+++ Material for the task

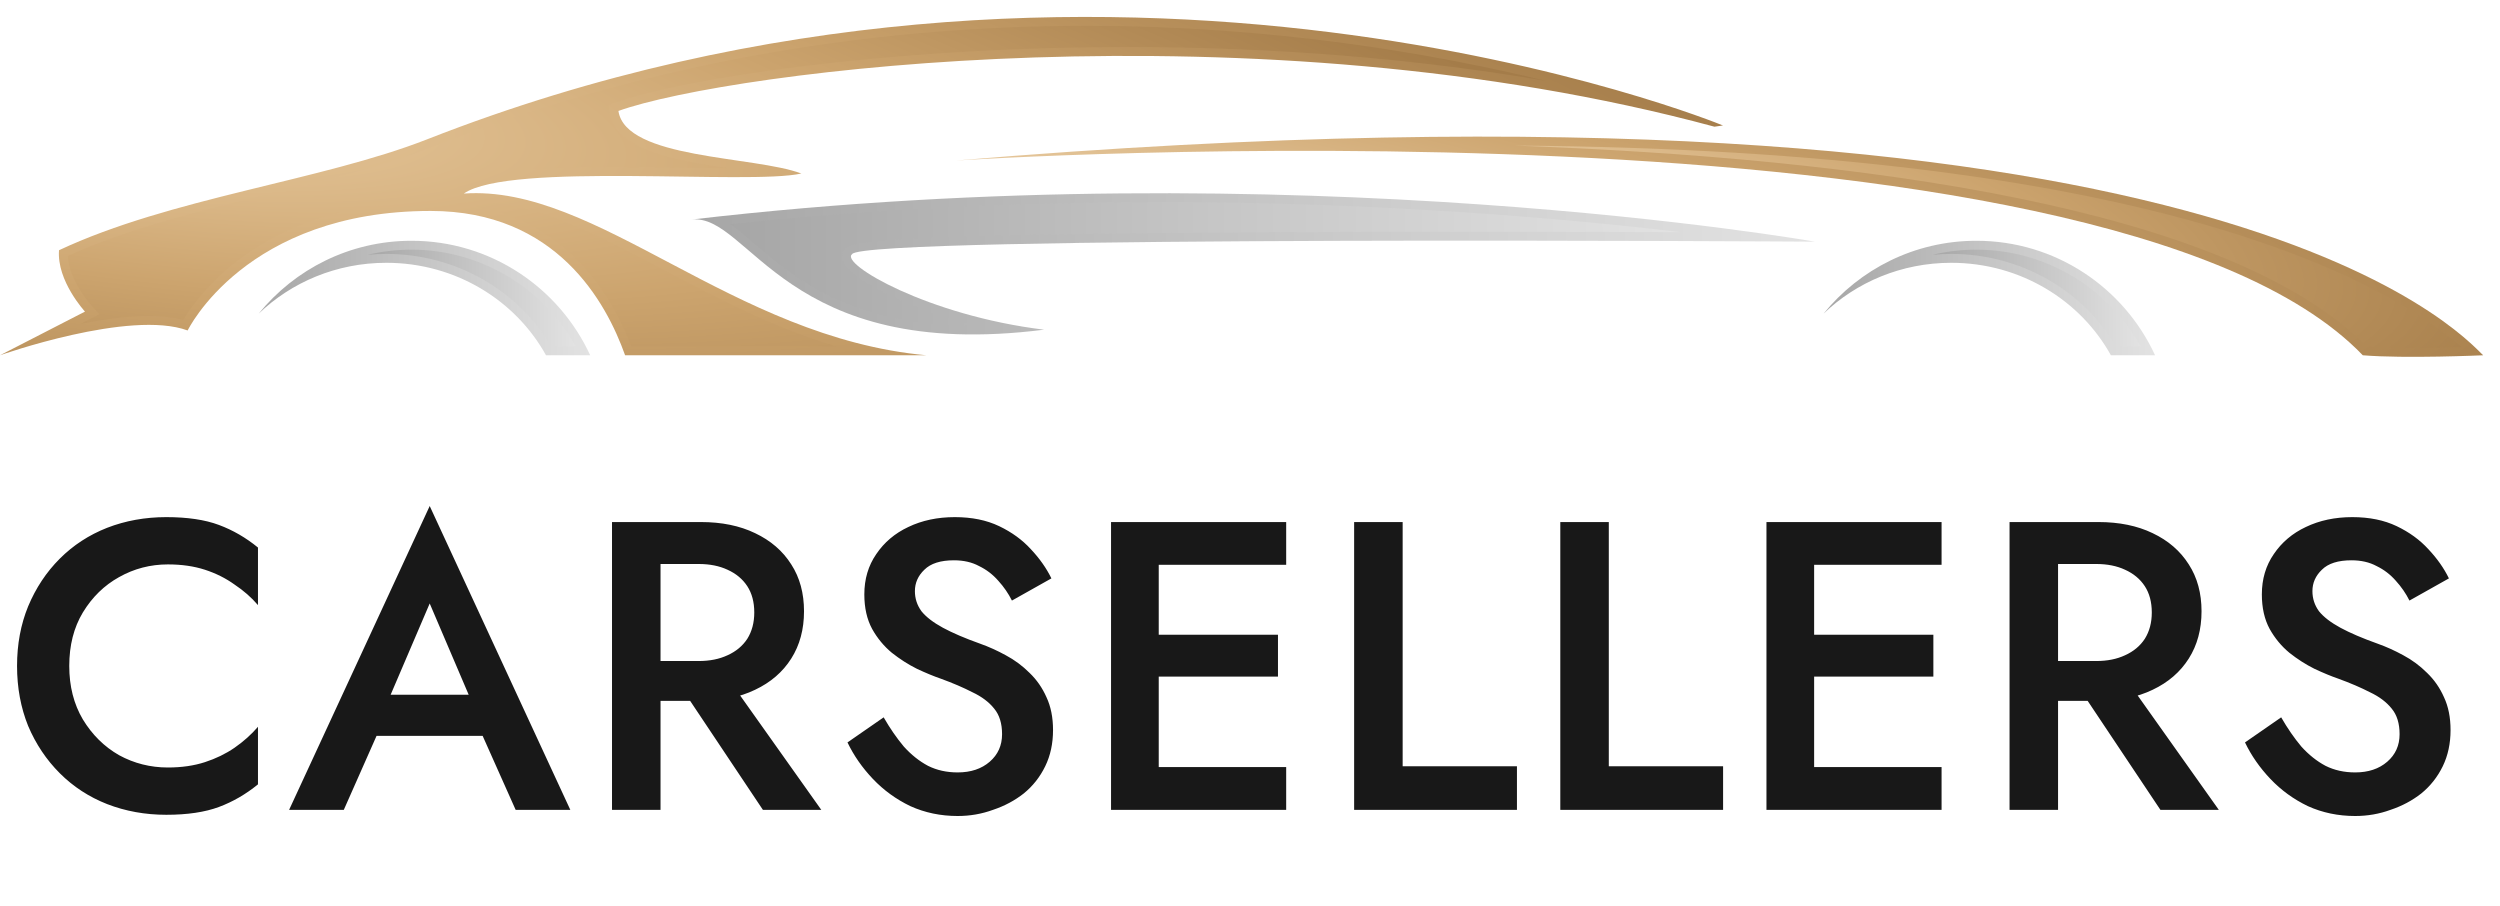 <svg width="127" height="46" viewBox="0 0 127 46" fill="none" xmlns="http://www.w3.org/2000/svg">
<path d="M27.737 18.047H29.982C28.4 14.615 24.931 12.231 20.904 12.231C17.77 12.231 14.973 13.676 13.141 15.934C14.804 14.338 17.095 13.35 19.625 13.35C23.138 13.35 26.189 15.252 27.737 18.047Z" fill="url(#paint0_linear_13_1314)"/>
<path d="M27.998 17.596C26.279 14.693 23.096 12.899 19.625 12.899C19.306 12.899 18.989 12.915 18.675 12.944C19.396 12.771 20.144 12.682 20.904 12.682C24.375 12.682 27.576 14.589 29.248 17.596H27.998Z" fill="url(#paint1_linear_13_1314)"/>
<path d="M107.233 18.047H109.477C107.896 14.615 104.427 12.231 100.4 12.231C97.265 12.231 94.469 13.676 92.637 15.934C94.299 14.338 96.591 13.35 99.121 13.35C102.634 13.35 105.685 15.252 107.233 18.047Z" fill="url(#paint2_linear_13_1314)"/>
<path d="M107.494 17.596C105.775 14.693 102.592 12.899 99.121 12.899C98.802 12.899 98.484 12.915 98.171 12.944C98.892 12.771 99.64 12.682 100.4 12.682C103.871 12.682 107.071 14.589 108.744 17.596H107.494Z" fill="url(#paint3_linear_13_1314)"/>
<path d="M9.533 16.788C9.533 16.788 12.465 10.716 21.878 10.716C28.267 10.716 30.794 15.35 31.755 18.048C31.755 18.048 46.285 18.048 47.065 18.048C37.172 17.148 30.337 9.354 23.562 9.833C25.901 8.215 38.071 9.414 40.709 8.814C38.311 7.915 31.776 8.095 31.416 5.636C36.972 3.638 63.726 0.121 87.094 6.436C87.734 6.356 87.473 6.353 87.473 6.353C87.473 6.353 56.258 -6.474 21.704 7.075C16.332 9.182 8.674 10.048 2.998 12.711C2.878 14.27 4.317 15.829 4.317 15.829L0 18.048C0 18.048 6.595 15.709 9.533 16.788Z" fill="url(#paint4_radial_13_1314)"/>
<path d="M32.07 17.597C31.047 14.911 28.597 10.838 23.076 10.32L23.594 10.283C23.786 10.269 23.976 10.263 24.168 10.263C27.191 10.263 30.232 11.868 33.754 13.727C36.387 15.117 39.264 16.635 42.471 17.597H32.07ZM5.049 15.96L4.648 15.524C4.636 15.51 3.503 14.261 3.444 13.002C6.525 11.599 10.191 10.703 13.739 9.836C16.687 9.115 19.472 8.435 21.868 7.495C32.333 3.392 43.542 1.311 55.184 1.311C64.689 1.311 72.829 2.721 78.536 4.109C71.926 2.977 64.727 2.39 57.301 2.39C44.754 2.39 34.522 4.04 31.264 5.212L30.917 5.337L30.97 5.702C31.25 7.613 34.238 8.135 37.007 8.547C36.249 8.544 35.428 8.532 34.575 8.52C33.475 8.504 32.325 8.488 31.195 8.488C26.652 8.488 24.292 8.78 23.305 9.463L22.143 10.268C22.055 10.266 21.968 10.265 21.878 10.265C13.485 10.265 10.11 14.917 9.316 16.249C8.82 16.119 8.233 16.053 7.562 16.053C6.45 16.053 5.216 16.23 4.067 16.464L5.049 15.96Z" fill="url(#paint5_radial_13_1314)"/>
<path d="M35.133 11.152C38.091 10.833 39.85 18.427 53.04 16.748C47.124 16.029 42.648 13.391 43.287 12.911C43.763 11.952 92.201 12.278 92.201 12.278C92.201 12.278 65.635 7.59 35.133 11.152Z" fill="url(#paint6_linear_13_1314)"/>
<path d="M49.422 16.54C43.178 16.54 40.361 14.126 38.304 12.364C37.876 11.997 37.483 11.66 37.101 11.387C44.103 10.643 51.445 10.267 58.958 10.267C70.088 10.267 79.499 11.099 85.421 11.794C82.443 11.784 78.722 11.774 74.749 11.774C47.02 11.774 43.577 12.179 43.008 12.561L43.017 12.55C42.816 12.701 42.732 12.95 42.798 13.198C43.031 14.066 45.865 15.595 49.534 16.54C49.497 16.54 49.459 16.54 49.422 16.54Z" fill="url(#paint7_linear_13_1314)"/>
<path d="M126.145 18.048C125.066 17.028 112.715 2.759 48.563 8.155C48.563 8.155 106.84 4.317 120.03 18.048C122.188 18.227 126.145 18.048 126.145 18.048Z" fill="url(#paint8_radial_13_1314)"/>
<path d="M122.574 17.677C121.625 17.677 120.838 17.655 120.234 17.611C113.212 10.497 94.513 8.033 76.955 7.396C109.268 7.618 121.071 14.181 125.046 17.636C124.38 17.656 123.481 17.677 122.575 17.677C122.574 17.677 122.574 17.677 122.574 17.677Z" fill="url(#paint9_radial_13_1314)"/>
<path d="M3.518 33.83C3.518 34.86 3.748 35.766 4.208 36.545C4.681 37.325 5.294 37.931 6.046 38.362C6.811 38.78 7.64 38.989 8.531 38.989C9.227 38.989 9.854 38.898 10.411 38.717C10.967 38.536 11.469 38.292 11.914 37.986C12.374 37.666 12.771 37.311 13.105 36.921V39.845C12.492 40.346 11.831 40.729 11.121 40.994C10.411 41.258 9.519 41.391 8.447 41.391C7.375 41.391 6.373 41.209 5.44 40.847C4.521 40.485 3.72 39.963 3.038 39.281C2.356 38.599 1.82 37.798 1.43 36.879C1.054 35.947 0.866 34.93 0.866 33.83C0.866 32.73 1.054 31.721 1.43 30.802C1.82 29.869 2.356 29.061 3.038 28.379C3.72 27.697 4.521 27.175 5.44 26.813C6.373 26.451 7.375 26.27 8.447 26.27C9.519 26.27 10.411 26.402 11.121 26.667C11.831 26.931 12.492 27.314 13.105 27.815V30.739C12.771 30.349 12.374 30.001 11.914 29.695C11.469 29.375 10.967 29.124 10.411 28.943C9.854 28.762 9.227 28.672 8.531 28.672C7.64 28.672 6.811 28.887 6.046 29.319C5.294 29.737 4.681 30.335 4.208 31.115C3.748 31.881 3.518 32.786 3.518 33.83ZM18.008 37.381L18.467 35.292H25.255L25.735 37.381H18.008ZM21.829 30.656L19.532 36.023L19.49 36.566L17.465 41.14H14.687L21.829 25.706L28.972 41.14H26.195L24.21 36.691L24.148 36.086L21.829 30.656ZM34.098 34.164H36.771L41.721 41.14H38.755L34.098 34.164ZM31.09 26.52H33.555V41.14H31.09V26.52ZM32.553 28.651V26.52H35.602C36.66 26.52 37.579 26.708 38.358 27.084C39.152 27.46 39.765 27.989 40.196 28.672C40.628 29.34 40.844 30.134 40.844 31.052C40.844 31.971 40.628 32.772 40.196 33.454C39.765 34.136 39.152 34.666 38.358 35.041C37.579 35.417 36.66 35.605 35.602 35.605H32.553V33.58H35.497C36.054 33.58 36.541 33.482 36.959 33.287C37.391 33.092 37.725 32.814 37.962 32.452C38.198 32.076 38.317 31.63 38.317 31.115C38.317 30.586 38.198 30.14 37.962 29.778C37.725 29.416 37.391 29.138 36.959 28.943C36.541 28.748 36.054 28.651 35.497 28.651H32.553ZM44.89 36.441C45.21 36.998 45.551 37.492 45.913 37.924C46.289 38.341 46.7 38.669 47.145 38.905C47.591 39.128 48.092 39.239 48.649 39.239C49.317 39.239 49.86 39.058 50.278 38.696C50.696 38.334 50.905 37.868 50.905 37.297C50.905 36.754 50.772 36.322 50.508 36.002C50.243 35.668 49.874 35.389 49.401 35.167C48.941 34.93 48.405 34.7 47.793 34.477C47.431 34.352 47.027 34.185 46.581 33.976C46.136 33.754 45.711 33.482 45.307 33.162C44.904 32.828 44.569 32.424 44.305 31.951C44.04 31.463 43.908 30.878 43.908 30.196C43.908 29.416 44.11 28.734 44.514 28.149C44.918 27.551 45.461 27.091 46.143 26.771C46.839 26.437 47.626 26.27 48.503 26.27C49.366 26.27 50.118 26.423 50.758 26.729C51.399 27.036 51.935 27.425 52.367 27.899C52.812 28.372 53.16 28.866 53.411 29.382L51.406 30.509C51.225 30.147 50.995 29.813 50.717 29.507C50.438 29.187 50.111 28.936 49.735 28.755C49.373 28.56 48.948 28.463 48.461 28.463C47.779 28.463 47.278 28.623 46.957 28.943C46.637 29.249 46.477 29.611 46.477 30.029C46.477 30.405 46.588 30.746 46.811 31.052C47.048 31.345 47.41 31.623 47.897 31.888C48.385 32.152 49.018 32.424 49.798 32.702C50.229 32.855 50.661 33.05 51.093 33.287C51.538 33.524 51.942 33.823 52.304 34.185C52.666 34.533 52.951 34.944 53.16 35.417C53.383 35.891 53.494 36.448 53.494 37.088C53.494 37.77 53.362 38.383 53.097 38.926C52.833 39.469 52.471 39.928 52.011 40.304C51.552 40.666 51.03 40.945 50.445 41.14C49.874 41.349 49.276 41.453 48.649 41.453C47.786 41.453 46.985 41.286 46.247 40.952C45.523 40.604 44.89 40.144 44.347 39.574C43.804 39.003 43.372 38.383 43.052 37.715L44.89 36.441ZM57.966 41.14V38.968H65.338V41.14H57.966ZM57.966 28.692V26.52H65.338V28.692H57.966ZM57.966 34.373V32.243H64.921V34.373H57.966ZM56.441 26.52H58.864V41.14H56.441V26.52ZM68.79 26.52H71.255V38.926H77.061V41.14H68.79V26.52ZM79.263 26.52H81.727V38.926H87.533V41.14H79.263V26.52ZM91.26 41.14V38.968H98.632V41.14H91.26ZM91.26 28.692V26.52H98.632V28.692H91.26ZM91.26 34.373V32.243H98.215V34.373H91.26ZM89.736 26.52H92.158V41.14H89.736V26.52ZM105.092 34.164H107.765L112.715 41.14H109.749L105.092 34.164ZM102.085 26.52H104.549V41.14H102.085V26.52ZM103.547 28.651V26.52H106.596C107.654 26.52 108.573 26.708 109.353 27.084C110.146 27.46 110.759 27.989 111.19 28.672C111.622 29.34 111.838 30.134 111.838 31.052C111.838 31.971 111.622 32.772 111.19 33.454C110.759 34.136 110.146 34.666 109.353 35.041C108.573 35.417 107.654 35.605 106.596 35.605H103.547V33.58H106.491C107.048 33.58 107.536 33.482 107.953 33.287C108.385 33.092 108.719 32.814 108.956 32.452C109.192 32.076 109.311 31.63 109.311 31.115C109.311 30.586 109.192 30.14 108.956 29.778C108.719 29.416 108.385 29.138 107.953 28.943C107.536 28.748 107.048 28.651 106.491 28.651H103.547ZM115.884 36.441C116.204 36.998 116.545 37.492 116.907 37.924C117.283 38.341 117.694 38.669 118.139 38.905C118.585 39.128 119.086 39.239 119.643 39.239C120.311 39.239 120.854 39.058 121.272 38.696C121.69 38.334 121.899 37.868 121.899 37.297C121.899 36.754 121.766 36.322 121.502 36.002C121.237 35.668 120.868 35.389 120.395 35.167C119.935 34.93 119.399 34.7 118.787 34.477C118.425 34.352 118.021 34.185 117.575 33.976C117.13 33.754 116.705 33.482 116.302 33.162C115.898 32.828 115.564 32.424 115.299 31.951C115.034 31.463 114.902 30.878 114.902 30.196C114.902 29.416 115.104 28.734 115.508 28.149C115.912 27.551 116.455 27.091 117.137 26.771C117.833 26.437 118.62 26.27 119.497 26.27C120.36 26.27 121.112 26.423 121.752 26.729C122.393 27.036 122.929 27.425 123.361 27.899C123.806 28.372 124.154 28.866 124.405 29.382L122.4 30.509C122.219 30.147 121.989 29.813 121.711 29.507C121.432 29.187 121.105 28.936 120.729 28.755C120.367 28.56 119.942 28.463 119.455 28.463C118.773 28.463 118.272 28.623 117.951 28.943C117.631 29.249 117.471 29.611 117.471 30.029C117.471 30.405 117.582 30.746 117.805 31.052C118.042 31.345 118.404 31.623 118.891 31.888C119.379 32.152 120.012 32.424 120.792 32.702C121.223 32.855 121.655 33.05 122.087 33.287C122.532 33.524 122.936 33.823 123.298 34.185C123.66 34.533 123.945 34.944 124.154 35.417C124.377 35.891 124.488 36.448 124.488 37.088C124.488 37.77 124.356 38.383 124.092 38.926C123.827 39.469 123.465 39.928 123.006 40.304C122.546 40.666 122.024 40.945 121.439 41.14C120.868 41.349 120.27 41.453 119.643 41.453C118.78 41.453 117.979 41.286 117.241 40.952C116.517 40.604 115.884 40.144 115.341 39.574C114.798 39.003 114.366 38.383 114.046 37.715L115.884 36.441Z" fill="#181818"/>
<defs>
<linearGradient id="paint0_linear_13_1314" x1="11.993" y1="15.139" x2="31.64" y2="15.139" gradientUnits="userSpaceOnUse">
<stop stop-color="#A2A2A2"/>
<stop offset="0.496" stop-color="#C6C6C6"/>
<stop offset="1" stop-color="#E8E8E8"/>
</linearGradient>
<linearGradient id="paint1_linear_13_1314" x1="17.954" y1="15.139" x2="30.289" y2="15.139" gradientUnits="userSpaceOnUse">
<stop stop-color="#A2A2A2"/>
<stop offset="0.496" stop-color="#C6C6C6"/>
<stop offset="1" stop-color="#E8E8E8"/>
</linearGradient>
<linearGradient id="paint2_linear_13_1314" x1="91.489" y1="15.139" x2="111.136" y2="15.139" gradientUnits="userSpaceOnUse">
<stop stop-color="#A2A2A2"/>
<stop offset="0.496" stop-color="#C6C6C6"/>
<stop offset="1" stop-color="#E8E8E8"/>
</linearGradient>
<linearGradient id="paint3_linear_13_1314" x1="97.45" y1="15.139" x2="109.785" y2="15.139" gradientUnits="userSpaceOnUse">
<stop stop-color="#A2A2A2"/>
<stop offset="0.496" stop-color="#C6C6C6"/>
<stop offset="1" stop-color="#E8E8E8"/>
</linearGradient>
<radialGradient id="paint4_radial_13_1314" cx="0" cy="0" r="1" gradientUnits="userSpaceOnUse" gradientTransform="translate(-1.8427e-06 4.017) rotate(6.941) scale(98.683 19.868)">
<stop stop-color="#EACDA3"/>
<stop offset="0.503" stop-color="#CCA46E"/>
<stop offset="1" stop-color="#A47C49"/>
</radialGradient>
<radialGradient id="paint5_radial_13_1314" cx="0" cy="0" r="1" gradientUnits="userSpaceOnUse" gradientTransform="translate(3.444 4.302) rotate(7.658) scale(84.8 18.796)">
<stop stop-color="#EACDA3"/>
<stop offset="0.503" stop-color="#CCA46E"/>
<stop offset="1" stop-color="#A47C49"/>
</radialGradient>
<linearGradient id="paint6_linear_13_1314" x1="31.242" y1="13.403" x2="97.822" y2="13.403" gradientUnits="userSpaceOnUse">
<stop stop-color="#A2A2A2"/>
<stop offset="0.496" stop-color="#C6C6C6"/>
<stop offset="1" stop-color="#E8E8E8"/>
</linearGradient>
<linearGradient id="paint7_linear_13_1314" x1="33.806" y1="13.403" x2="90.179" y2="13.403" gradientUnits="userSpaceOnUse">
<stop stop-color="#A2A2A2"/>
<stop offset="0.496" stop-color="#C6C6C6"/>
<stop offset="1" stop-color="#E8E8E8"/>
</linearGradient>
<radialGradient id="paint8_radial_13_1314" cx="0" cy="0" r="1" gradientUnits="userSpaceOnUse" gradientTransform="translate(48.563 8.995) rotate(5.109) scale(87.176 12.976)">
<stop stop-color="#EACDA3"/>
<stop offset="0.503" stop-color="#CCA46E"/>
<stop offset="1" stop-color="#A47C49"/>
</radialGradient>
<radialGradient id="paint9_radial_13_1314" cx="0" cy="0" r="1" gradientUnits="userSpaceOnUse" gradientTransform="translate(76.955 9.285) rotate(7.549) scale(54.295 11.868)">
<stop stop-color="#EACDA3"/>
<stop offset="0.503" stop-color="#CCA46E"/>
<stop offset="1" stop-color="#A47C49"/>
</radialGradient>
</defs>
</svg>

++++++

§ **Task brief**
Within the records above, count the lines that contain "scale" and give only that number.

§ **Response to the exercise**
4